(Stored data entries)
::::
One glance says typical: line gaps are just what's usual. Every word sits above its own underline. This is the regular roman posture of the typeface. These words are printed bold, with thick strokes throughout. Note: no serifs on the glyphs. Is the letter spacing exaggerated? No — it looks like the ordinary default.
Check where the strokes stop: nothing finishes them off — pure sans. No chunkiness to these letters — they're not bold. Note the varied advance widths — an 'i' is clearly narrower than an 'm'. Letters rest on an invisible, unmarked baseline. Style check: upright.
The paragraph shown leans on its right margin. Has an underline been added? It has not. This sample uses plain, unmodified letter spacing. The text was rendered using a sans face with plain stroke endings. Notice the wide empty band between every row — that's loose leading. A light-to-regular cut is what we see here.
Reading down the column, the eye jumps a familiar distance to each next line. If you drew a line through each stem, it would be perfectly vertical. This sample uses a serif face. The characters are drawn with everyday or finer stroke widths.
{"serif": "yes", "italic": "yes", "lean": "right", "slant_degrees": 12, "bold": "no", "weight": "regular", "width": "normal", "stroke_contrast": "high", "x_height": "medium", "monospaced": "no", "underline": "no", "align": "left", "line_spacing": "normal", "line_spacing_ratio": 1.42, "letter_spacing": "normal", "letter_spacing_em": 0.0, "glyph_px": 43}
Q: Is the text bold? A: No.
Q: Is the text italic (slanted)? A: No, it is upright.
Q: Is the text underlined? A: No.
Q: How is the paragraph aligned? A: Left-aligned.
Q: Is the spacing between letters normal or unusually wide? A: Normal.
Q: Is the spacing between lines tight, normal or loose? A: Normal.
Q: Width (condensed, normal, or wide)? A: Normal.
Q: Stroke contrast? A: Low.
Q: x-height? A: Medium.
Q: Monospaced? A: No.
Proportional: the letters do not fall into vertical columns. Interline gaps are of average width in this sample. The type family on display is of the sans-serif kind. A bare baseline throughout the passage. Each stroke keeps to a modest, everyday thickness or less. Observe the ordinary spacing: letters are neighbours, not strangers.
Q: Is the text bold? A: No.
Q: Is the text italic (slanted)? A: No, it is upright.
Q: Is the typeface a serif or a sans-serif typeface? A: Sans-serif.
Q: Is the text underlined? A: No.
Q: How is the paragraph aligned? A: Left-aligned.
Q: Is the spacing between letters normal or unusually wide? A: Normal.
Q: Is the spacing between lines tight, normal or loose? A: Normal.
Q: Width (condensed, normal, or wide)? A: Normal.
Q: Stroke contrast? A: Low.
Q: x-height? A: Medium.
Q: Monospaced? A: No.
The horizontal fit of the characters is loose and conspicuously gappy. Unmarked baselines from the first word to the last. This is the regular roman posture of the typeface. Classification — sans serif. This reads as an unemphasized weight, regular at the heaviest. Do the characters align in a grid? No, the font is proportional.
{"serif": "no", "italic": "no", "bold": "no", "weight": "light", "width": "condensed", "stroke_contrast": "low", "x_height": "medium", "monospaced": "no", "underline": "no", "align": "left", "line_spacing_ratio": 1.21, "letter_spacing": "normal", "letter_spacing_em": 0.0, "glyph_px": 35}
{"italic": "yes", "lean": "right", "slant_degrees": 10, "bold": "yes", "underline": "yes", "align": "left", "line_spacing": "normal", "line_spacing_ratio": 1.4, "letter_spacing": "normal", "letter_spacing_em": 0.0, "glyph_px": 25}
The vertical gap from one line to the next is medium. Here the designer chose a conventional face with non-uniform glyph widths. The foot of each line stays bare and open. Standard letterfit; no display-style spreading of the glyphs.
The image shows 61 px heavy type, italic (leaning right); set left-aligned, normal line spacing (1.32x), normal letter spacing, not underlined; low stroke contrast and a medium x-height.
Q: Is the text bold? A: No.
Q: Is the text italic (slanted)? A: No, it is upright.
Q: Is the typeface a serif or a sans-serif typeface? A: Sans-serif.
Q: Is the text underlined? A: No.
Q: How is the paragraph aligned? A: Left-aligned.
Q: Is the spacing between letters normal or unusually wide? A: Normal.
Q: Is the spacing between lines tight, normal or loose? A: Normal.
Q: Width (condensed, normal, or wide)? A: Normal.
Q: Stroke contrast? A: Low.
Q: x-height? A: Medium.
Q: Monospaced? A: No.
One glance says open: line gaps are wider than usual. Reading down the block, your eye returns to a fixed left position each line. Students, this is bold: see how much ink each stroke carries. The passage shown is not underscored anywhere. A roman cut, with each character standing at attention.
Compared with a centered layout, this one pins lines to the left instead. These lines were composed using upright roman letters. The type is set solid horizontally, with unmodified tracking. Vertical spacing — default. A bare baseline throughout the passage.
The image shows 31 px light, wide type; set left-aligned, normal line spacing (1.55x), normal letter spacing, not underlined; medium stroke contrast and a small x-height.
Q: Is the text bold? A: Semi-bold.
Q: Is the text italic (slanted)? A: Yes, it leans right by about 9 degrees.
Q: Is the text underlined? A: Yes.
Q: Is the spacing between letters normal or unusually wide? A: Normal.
::::
WHAT IS NEEDED: The full set of entries above has to be restated exactly.

WRITTEN ANSWER:
One glance says typical: line gaps are just what's usual. Every word sits above its own underline. This is the regular roman posture of the typeface. These words are printed bold, with thick strokes throughout. Note: no serifs on the glyphs. Is the letter spacing exaggerated? No — it looks like the ordinary default.
Check where the strokes stop: nothing finishes them off — pure sans. No chunkiness to these letters — they're not bold. Note the varied advance widths — an 'i' is clearly narrower than an 'm'. Letters rest on an invisible, unmarked baseline. Style check: upright.
The paragraph shown leans on its right margin. Has an underline been added? It has not. This sample uses plain, unmodified letter spacing. The text was rendered using a sans face with plain stroke endings. Notice the wide empty band between every row — that's loose leading. A light-to-regular cut is what we see here.
Reading down the column, the eye jumps a familiar distance to each next line. If you drew a line through each stem, it would be perfectly vertical. This sample uses a serif face. The characters are drawn with everyday or finer stroke widths.
{"serif": "yes", "italic": "yes", "lean": "right", "slant_degrees": 12, "bold": "no", "weight": "regular", "width": "normal", "stroke_contrast": "high", "x_height": "medium", "monospaced": "no", "underline": "no", "align": "left", "line_spacing": "normal", "line_spacing_ratio": 1.42, "letter_spacing": "normal", "letter_spacing_em": 0.0, "glyph_px": 43}
Q: Is the text bold? A: No.
Q: Is the text italic (slanted)? A: No, it is upright.
Q: Is the text underlined? A: No.
Q: How is the paragraph aligned? A: Left-aligned.
Q: Is the spacing between letters normal or unusually wide? A: Normal.
Q: Is the spacing between lines tight, normal or loose? A: Normal.
Q: Width (condensed, normal, or wide)? A: Normal.
Q: Stroke contrast? A: Low.
Q: x-height? A: Medium.
Q: Monospaced? A: No.
Proportional: the letters do not fall into vertical columns. Interline gaps are of average width in this sample. The type family on display is of the sans-serif kind. A bare baseline throughout the passage. Each stroke keeps to a modest, everyday thickness or less. Observe the ordinary spacing: letters are neighbours, not strangers.
Q: Is the text bold? A: No.
Q: Is the text italic (slanted)? A: No, it is upright.
Q: Is the typeface a serif or a sans-serif typeface? A: Sans-serif.
Q: Is the text underlined? A: No.
Q: How is the paragraph aligned? A: Left-aligned.
Q: Is the spacing between letters normal or unusually wide? A: Normal.
Q: Is the spacing between lines tight, normal or loose? A: Normal.
Q: Width (condensed, normal, or wide)? A: Normal.
Q: Stroke contrast? A: Low.
Q: x-height? A: Medium.
Q: Monospaced? A: No.
The horizontal fit of the characters is loose and conspicuously gappy. Unmarked baselines from the first word to the last. This is the regular roman posture of the typeface. Classification — sans serif. This reads as an unemphasized weight, regular at the heaviest. Do the characters align in a grid? No, the font is proportional.
{"serif": "no", "italic": "no", "bold": "no", "weight": "light", "width": "condensed", "stroke_contrast": "low", "x_height": "medium", "monospaced": "no", "underline": "no", "align": "left", "line_spacing_ratio": 1.21, "letter_spacing": "normal", "letter_spacing_em": 0.0, "glyph_px": 35}
{"italic": "yes", "lean": "right", "slant_degrees": 10, "bold": "yes", "underline": "yes", "align": "left", "line_spacing": "normal", "line_spacing_ratio": 1.4, "letter_spacing": "normal", "letter_spacing_em": 0.0, "glyph_px": 25}
The vertical gap from one line to the next is medium. Here the designer chose a conventional face with non-uniform glyph widths. The foot of each line stays bare and open. Standard letterfit; no display-style spreading of the glyphs.
The image shows 61 px heavy type, italic (leaning right); set left-aligned, normal line spacing (1.32x), normal letter spacing, not underlined; low stroke contrast and a medium x-height.
Q: Is the text bold? A: No.
Q: Is the text italic (slanted)? A: No, it is upright.
Q: Is the typeface a serif or a sans-serif typeface? A: Sans-serif.
Q: Is the text underlined? A: No.
Q: How is the paragraph aligned? A: Left-aligned.
Q: Is the spacing between letters normal or unusually wide? A: Normal.
Q: Is the spacing between lines tight, normal or loose? A: Normal.
Q: Width (condensed, normal, or wide)? A: Normal.
Q: Stroke contrast? A: Low.
Q: x-height? A: Medium.
Q: Monospaced? A: No.
One glance says open: line gaps are wider than usual. Reading down the block, your eye returns to a fixed left position each line. Students, this is bold: see how much ink each stroke carries. The passage shown is not underscored anywhere. A roman cut, with each character standing at attention.
Compared with a centered layout, this one pins lines to the left instead. These lines were composed using upright roman letters. The type is set solid horizontally, with unmodified tracking. Vertical spacing — default. A bare baseline throughout the passage.
The image shows 31 px light, wide type; set left-aligned, normal line spacing (1.55x), normal letter spacing, not underlined; medium stroke contrast and a small x-height.
Q: Is the text bold? A: Semi-bold.
Q: Is the text italic (slanted)? A: Yes, it leans right by about 9 degrees.
Q: Is the text underlined? A: Yes.
Q: Is the spacing between letters normal or unusually wide? A: Normal.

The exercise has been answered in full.